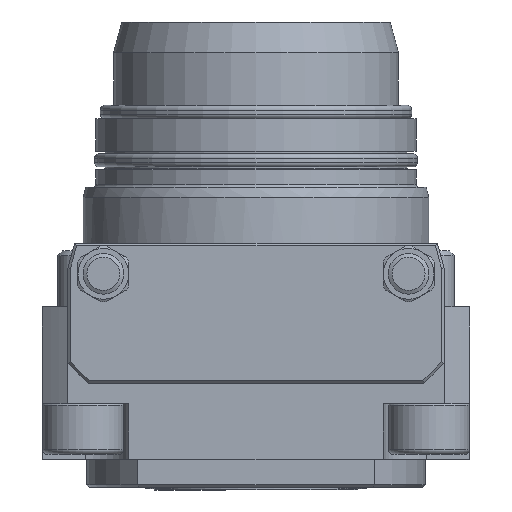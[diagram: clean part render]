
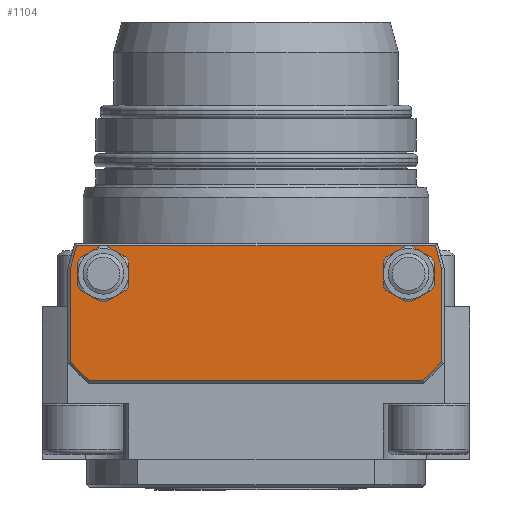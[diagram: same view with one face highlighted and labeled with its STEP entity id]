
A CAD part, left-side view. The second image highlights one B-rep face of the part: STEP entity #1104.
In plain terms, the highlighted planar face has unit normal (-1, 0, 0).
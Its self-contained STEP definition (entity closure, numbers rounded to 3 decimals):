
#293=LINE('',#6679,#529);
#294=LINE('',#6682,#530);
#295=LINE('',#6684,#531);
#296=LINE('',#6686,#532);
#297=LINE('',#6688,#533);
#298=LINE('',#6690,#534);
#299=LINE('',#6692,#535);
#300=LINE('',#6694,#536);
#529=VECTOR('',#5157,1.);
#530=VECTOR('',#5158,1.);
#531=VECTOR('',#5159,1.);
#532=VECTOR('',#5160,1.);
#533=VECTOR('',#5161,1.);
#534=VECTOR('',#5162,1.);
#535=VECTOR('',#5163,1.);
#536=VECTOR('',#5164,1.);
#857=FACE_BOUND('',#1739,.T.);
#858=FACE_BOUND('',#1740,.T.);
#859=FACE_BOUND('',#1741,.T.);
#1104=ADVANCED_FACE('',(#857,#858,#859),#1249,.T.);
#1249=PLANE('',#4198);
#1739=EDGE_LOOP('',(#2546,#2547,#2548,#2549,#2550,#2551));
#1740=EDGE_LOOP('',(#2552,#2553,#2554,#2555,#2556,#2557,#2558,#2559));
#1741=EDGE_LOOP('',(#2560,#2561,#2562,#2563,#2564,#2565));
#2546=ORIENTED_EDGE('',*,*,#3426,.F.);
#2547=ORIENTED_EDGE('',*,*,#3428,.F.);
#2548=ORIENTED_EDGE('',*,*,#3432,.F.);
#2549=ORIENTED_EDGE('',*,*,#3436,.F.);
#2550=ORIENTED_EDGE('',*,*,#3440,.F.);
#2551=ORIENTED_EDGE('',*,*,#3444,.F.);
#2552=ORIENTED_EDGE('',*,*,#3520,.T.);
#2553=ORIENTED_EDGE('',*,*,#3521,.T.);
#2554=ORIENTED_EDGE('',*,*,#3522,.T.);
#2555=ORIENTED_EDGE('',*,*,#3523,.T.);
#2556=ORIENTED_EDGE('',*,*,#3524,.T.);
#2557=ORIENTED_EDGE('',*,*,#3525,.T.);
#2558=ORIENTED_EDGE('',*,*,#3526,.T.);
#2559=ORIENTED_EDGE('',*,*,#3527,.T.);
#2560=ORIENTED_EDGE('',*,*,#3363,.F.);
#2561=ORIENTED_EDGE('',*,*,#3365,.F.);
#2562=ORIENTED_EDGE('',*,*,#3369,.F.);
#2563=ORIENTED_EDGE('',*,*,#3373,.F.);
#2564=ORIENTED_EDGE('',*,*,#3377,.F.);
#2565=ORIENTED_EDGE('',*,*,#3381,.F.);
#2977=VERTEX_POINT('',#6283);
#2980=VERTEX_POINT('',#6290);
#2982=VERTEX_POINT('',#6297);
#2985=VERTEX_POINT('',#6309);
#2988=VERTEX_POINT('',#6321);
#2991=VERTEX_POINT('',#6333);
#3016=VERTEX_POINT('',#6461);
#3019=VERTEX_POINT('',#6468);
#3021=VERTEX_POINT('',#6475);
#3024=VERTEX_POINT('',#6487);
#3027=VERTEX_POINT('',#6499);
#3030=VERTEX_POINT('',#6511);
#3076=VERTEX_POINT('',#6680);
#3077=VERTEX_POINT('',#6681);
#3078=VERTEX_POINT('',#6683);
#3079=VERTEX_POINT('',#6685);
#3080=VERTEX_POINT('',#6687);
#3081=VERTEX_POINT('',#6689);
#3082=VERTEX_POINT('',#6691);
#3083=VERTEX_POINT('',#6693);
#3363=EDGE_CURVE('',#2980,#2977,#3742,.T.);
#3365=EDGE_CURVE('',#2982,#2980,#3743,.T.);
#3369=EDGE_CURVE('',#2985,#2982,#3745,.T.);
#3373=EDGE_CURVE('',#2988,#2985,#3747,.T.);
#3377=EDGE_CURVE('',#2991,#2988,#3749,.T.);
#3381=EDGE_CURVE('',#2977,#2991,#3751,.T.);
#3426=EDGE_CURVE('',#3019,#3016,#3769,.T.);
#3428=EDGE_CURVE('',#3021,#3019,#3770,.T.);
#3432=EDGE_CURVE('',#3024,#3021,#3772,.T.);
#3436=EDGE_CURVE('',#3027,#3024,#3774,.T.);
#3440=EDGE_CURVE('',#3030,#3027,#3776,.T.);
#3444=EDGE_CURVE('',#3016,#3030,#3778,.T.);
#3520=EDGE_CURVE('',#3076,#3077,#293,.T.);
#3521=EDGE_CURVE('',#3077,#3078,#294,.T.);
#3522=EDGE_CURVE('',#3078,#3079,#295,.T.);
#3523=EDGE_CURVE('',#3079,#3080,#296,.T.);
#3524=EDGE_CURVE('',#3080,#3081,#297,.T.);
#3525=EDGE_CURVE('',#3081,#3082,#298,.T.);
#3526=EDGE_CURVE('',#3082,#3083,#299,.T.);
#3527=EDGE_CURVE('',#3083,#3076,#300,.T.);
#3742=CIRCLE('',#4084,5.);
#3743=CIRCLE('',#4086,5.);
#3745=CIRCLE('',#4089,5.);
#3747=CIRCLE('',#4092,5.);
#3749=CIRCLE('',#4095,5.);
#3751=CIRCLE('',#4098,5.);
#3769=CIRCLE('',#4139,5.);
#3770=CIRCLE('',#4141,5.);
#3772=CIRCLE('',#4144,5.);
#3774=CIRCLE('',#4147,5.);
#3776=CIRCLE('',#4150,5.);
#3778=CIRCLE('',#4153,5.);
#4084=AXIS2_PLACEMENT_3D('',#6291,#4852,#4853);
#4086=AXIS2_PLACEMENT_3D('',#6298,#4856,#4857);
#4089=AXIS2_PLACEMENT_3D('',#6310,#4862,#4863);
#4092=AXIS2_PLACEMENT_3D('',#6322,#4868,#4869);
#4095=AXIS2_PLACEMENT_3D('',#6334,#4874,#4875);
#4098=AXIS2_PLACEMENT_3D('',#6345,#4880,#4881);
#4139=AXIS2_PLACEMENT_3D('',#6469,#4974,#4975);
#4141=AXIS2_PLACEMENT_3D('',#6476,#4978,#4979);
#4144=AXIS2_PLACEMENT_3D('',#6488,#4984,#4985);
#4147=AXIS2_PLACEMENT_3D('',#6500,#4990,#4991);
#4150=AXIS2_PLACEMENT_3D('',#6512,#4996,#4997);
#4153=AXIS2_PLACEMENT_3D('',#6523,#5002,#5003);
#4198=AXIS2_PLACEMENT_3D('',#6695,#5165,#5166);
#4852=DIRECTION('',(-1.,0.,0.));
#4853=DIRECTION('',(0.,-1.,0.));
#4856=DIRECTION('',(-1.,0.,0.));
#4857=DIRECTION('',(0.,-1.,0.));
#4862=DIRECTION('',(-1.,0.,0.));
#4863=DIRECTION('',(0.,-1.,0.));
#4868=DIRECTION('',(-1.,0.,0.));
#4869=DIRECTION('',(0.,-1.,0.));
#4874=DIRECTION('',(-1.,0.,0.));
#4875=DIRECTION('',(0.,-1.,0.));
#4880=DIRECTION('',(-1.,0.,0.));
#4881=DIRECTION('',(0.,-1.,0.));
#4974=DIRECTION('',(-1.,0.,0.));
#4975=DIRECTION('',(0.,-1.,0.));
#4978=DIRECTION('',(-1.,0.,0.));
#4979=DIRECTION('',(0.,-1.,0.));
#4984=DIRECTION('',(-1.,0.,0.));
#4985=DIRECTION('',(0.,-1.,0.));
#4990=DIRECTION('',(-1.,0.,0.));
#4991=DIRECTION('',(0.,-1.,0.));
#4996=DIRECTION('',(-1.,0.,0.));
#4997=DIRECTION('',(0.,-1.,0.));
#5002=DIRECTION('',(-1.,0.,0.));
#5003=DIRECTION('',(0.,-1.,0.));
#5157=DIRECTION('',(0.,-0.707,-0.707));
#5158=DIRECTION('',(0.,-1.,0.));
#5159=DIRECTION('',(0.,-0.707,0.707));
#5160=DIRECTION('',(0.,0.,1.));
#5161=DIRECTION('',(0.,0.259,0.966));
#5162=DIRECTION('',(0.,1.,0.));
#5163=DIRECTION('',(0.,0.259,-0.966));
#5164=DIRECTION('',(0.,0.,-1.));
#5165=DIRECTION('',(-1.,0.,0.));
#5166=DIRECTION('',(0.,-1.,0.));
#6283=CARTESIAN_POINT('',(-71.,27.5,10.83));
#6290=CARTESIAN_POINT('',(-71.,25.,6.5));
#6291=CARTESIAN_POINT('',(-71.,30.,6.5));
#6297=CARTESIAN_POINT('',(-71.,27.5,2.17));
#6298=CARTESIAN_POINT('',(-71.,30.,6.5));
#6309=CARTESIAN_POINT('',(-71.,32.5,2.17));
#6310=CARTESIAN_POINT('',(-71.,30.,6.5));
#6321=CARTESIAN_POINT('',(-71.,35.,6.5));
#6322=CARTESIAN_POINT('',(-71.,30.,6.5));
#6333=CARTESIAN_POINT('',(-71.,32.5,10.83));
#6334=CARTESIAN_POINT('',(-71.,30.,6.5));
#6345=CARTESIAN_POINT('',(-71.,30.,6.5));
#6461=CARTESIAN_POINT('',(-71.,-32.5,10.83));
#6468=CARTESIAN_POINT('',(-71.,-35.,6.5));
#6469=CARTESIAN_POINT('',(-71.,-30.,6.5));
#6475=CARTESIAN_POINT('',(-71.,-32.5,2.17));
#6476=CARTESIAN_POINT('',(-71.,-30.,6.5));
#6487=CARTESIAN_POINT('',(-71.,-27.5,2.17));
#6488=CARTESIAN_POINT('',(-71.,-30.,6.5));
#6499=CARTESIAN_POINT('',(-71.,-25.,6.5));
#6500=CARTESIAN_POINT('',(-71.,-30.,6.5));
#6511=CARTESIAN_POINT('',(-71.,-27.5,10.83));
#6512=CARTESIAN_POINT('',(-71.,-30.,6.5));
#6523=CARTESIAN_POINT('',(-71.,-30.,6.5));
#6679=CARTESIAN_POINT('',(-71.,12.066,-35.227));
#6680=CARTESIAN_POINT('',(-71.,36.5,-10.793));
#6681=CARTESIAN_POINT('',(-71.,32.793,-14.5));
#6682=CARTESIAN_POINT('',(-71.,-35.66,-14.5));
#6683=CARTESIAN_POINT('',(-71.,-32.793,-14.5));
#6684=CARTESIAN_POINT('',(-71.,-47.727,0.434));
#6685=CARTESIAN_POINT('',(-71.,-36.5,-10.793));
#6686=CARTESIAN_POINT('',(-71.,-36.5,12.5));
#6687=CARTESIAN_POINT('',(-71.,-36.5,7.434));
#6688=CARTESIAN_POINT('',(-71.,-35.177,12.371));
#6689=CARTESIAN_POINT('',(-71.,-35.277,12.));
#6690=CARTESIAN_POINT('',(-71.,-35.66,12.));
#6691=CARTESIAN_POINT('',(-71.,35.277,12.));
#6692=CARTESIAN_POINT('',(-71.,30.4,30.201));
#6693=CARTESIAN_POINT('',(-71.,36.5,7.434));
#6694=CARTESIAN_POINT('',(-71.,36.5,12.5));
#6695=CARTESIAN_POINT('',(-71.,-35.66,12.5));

==

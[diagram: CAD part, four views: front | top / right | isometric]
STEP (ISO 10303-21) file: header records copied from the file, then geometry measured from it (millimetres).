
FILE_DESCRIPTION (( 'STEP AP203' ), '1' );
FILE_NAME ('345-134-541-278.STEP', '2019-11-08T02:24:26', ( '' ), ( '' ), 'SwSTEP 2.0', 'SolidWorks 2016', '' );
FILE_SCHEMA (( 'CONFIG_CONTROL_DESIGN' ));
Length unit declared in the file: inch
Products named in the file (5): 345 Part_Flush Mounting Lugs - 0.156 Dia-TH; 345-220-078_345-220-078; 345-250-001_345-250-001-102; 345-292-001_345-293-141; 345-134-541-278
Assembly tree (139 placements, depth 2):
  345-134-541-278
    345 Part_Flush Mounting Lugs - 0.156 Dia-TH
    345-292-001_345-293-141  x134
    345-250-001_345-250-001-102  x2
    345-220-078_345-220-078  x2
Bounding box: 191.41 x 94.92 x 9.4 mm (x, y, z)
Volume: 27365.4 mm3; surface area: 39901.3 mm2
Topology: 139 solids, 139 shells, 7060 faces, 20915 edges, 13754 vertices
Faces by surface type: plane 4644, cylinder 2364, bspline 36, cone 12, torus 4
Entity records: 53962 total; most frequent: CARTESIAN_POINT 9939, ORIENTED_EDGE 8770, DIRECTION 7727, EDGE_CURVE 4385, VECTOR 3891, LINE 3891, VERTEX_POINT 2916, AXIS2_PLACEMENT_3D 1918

### WHAT YOU ARE ASKED TO DO
From the entries above, restate word for word the lines from the line containing "#5159=DIRECTION('',(0.,-0.707,0.707));" to the line containing "#5166=DIRECTION('',(0.,-1.,0.));", both ends included, and nothing more.

### ANSWER SECTION
#5159=DIRECTION('',(0.,-0.707,0.707));
#5160=DIRECTION('',(0.,0.,1.));
#5161=DIRECTION('',(0.,0.259,0.966));
#5162=DIRECTION('',(0.,1.,0.));
#5163=DIRECTION('',(0.,0.259,-0.966));
#5164=DIRECTION('',(0.,0.,-1.));
#5165=DIRECTION('',(-1.,0.,0.));
#5166=DIRECTION('',(0.,-1.,0.));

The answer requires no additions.